The decomposition of ozone, \(\mathrm{O}_{3},\) to oxygen, \(\mathrm{O}_{2},\) is an exothermic reaction. What is the sign of \(q\) ? If you were to touch a flask in which ozone is decomposing to oxygen, would you expect the flask to feel warm or cool?

Calculate the grams of oxygen gas required to produce \(7.60 \mathrm{~kJ}\) of heat when hydrogen gas burns at constant pressure to give liquid water, given the following: $$ 2 \mathrm{H}_{2}(g)+\mathrm{O}_{2}(g) \longrightarrow 2 \mathrm{H}_{2} \mathrm{O}(g) ; \Delta H=-484 \mathrm{~kJ} $$ Liquid water has a heat of vaporization of \(44.0 \mathrm{~kJ}\) per mole at \(25^{\circ} \mathrm{C}\)

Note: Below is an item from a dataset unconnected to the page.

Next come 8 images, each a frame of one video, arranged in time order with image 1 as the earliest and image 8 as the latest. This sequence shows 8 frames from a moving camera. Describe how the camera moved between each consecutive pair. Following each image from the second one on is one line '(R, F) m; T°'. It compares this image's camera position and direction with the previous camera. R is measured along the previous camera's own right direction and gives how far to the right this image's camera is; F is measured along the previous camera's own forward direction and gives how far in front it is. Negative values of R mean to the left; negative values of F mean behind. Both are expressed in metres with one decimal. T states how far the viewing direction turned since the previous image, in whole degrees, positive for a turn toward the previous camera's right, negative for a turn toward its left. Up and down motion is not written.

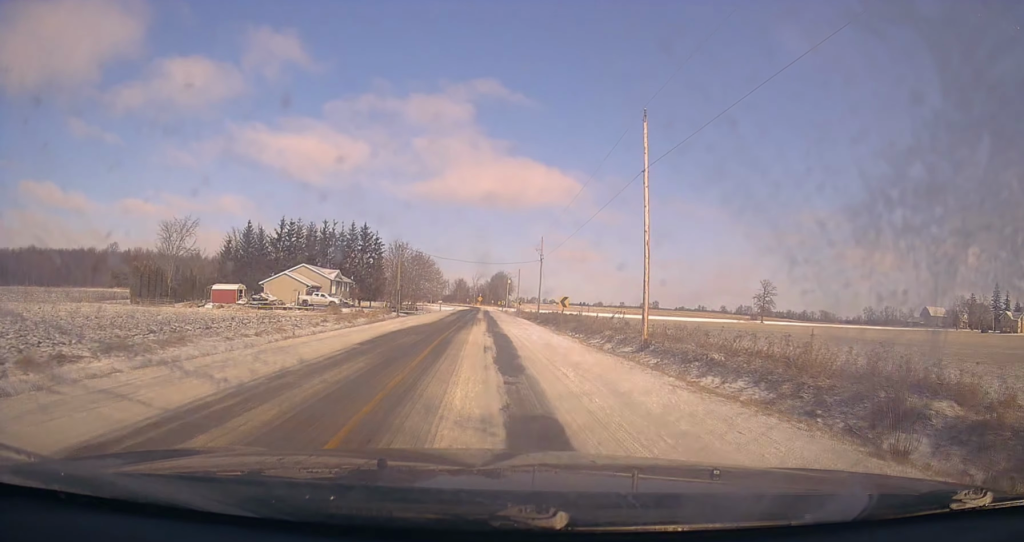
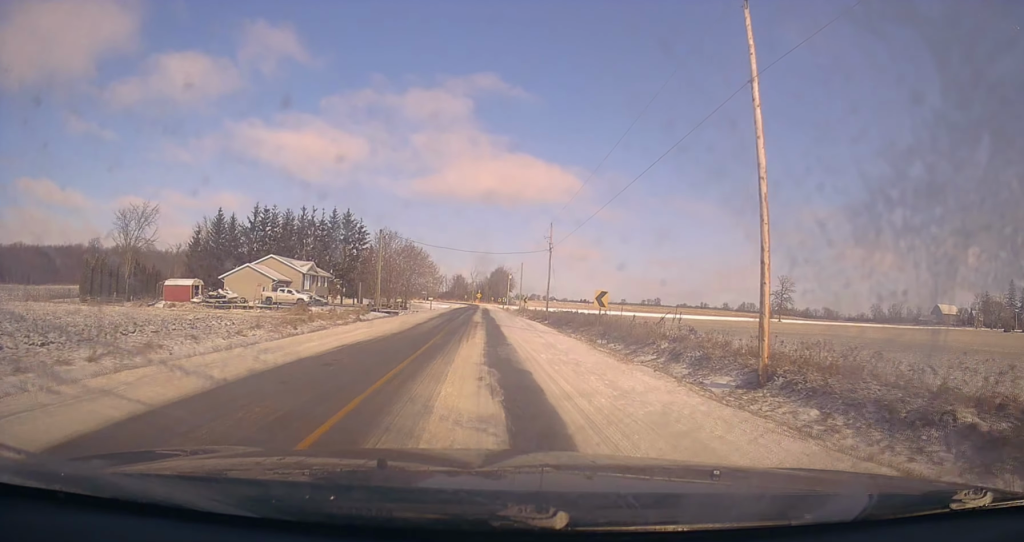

Propane, \(\mathrm{C}_{3} \mathrm{H}_{8}\), is a common fuel gas. Use the following to calculate the grams of propane you would need to provide \(369 \mathrm{~kJ}\) of heat. $$ \begin{aligned} \mathrm{C}_{3} \mathrm{H}_{8}(g)+5 \mathrm{O}_{2}(g) & \longrightarrow 3 \mathrm{CO}_{2}(g)+4 \mathrm{H}_{2} \mathrm{O}(g) ; \\ \Delta H &=-2043 \mathrm{~kJ} \end{aligned} $$

Sulfur dioxide gas reacts with oxygen, \(\mathrm{O}_{2}(g)\), to produce \(\mathrm{SO}_{3}(g) .\) This reaction releases \(99.0 \mathrm{~kJ}\) of heat (at constant pressure) for each mole of sulfur dioxide that reacts. Write the thermochemical equation for the reaction of \(2 \mathrm{~mol}\) of sulfur dioxide, and then also for the decomposition of \(3 \mathrm{~mol}\) of sulfur trioxide gas into oxygen gas and sulfur dioxide gas. Do you need any other information to answer either question?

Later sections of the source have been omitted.